それでお母さんに逆ギレされて「ゲームばっかりやってないで、いい加減勉強しなさい!」と怒られるのに似てます。

「いつまでも引きこもってエロゲーやってないで働けこのニートが!」

と言うのは簡単ですが、言われた方の絶望といったら…

 しかもこの後に街に戻ったKに巨大なジョイのホログラムが話しかけるシーンがあるのですが、この時のジョイは全裸で青いカツラをつけています。

ジョイ(悦び)という名前から分かるように、彼女は完全に性処理用の製品。始めてKの前にジョイが姿を現すシーンでも、瞬時にコスプレしてレストランの店員になったりセクシーなドレスを着ます。

つまりジョイはVRのAVなんです。ところがKは彼女をそうは扱わない。話をしたりドライブデートをしたりする。彼女の「心」を愛しているのです。それがこの巨大なジョイとの対峙のシーンで分かると、それまでの彼女とのエピソードがより切なく胸を打つのです。

 エロゲーでもAVでもなんでもいいです、2次元しか愛せない人達は世間から「気持ち悪い」と一蹴されます。ところがジョイのようにほとんど人間と変わらない存在だったらこんなにもKに感情移入してしまうー私たちが「現実」「にせ物」と線引きしている境界を「ブレードランナー」の世界は超えていきます。それによって考えさせらます。

「現実」とは一体何か?と

 Kとジョイの話は、老いたデッカードの選択にもつながっていきます。ジャレッド・レト演じるウォレスにレイチェルそっくりのレプリカントを用意させられるデッカード。しかし彼は「彼女の瞳はグリーンだった」といい、このそっくりなレイチェルを拒絶します。全く同じ姿・形をしていても、別のものではダメなんです。それはKにとってのジョイも同じです。じゃあその境界線はどこにあるのでしょうか?「2049」でも、そうした問いかけが観客に突きつけられます。


【⑤ラストで降る雪の意味とは】

 Kの物語は途中から「運命の子」の両親のデッカードとレイチェルを探す旅になっていきます。それは自分が「運命の子」だと信じていたからなのですが、残念なことに映画終盤で運命の子は自分ではなく隔離された研究室に閉じ込められたアナ博士だと知ります。

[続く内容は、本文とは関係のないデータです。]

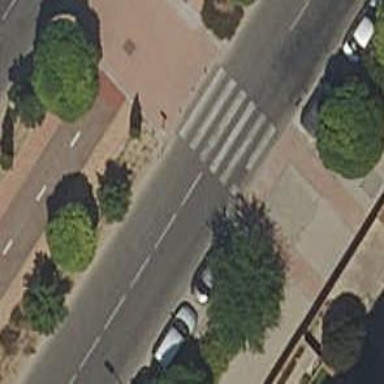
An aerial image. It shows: Uncontrolled crossing on the road.
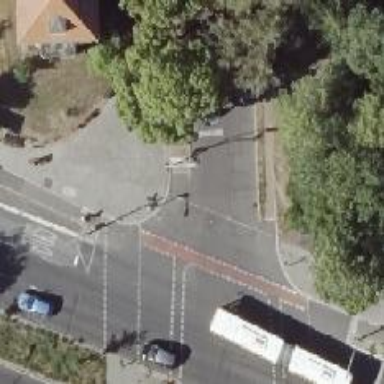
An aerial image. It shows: Asphalt cycleway with traffic signal crossing.
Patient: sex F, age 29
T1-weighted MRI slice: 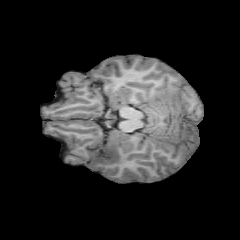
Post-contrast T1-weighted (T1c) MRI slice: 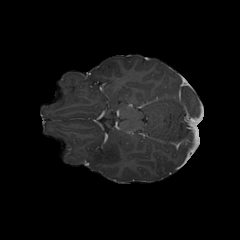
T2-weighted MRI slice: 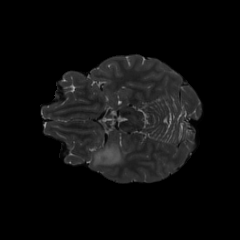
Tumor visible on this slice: yes
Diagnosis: Astrocytoma, IDH-mutant
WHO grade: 2
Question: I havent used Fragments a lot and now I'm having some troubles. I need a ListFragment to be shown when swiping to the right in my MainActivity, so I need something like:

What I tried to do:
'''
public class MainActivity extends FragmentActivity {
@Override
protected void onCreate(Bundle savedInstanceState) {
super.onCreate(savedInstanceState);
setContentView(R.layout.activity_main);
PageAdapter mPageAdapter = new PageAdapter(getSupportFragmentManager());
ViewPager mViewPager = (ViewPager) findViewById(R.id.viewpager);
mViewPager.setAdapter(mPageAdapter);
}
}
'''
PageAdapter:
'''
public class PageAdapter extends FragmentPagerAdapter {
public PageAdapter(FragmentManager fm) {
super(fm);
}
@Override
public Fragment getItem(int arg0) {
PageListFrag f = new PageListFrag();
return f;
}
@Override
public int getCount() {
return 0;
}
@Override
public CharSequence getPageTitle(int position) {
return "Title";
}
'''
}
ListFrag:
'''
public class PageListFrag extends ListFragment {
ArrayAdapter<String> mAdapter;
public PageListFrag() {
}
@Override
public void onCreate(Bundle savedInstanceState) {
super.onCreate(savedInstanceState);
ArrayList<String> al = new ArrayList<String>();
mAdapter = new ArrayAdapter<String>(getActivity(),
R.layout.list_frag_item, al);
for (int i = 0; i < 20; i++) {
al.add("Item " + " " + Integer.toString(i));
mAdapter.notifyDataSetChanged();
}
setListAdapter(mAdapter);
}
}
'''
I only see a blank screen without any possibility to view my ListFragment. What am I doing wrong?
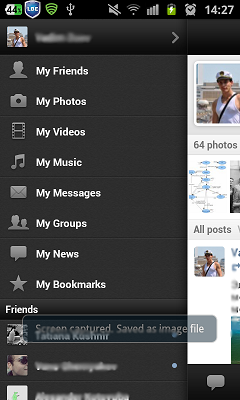
Answer: change your getCount:
'''
@Override
public int getCount() {
return 2;
}
'''
if you don't tell the pager there's anything to show it won't show anything.
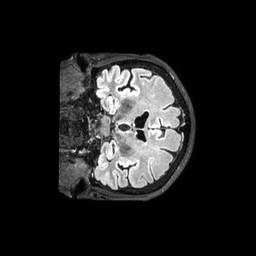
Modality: FLAIR
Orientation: coronal
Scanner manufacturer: philips
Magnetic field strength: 3 T
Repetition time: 4.8 s
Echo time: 0.34 s
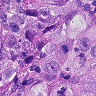
Metastatic tissue present: yes
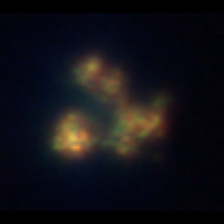
Taxon: Unknown_detritus
Group: Unknown
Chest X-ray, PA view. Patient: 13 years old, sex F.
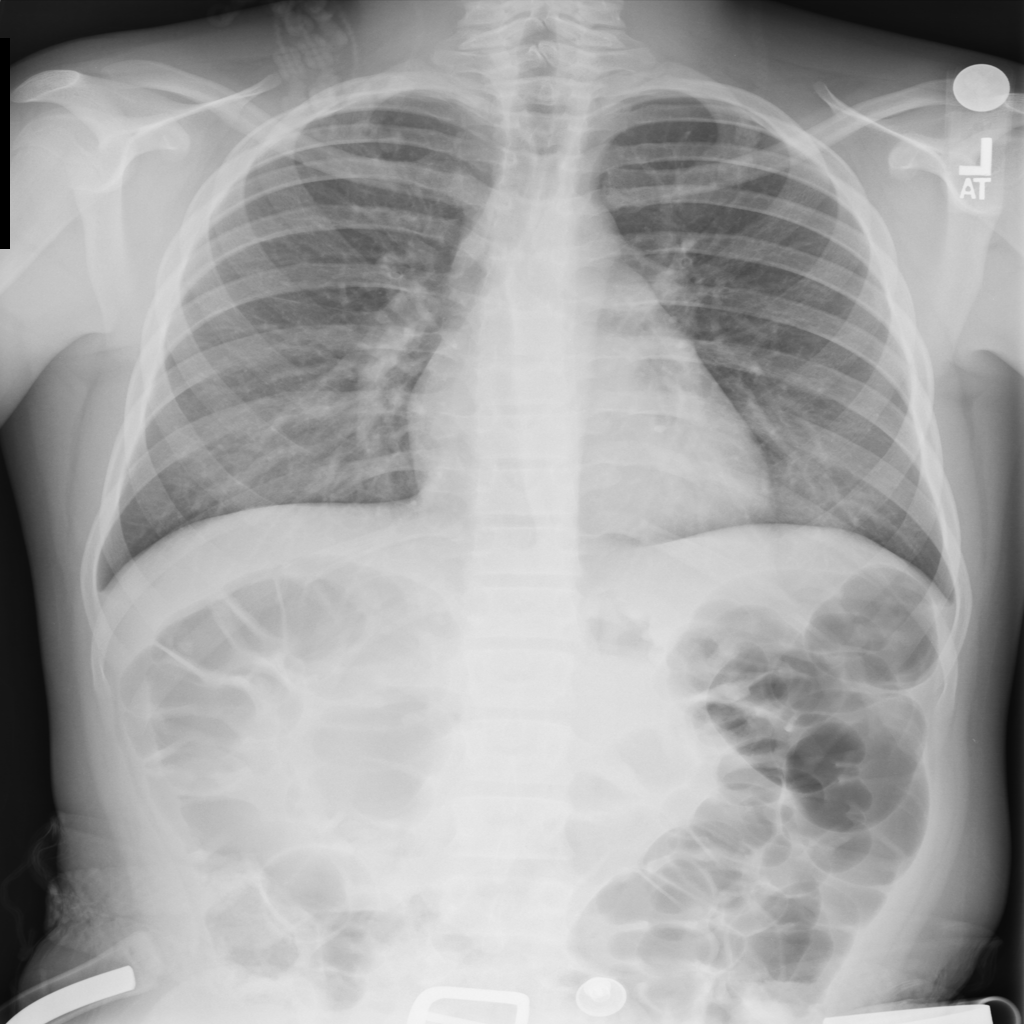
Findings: No Finding
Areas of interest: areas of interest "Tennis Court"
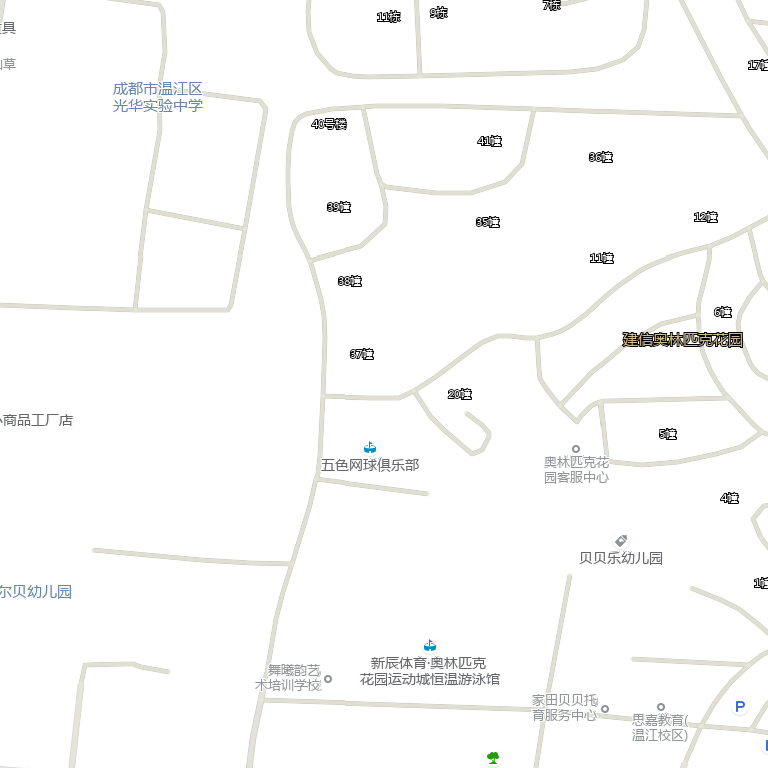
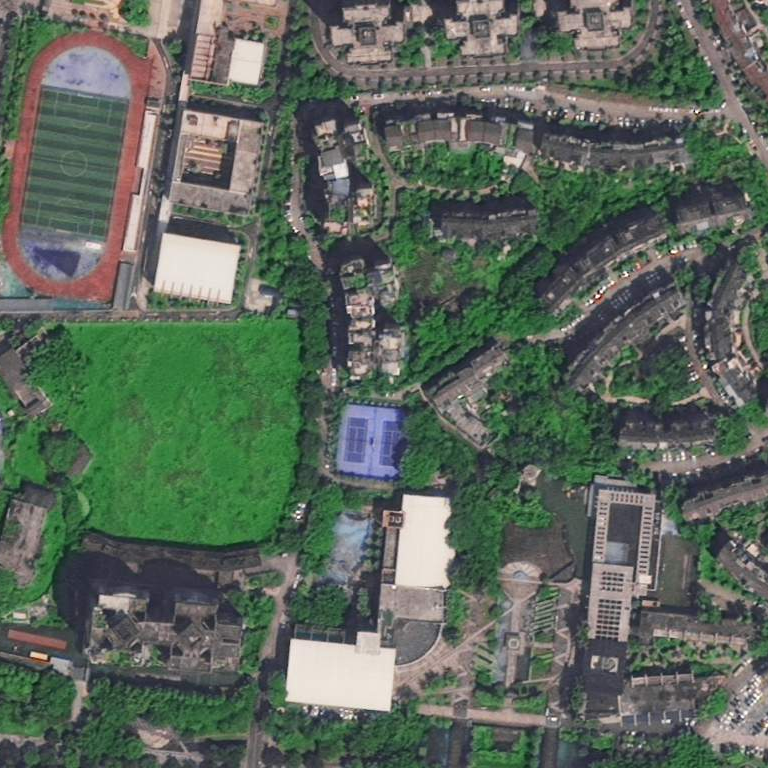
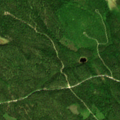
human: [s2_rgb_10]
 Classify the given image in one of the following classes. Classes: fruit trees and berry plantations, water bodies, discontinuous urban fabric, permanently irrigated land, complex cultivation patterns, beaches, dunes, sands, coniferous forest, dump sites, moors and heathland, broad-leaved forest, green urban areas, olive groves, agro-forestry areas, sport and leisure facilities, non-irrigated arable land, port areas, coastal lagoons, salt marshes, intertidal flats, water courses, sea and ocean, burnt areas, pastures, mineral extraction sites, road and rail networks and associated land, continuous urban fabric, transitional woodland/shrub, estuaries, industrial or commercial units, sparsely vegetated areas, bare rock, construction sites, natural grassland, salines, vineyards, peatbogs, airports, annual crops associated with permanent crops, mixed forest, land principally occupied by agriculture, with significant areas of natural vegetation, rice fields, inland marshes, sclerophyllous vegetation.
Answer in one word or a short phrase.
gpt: coniferous forest, mixed forest
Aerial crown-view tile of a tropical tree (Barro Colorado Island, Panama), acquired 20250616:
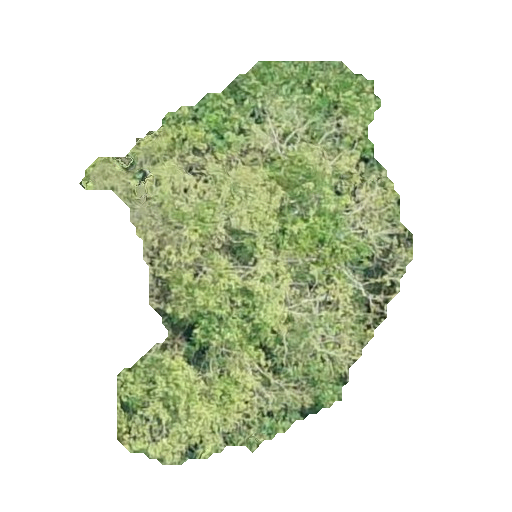
Species: Luehea seemannii
GBIF accepted scientific name: Luehea seemannii
Crown area: 126.43 m²
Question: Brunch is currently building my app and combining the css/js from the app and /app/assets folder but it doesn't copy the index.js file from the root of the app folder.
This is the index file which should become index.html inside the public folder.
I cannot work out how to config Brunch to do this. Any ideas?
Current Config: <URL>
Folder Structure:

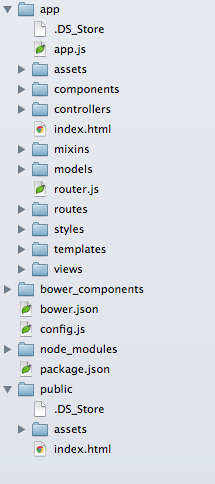
Answer: Your index.html should be inside 'app/assets'
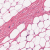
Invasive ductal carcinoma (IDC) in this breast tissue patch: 1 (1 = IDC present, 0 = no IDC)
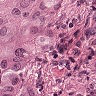
Metastatic tissue present: yes

 しかしそれでも自分の命と引き換えに彼女を守ることで、自らの生を全うしようとするのです。この展開もそっくりな映画はいっぱいあります。例えば「ターミネーター」がそうでした。「救世主」となる子どものために主人公が命を犠牲にする。それから「マッドマックス 怒りのデスロード」のニコラス・ホルトが演じたニュークスというキャラもそうです。彼は余命があと少ししかないという点でもレプリカントのような立ち位置でした。

 「2049」は神話のように主人公Kが次々と受難を受けていく。特に「ジョイとの別れ」と「自分が運命の子ではなかったことを知る」というのは、彼にもはや生きている意味はあるのだろうか?と思わせてしまうほど大きなダメージになる。しかしKは最後にデッカードと娘のアナ博士を立ち会わせるところまで、使命を全うする。それはヴィルヌーヴ監督が「メッセージ」でも大切にしたテーマに結びつきます。

「運命は決まっているかもしれないけど、その中で僕たち/私たちは意味を見出して生きねばならない」ということです。 ラストでKの頭上から降るのは雪です。「ブレードランナー」の世界で常に降る雨は酸性雨で異常気象のせいで生まれたものです。穀物は不作で、食べ物は全て遺伝子操作で作られています。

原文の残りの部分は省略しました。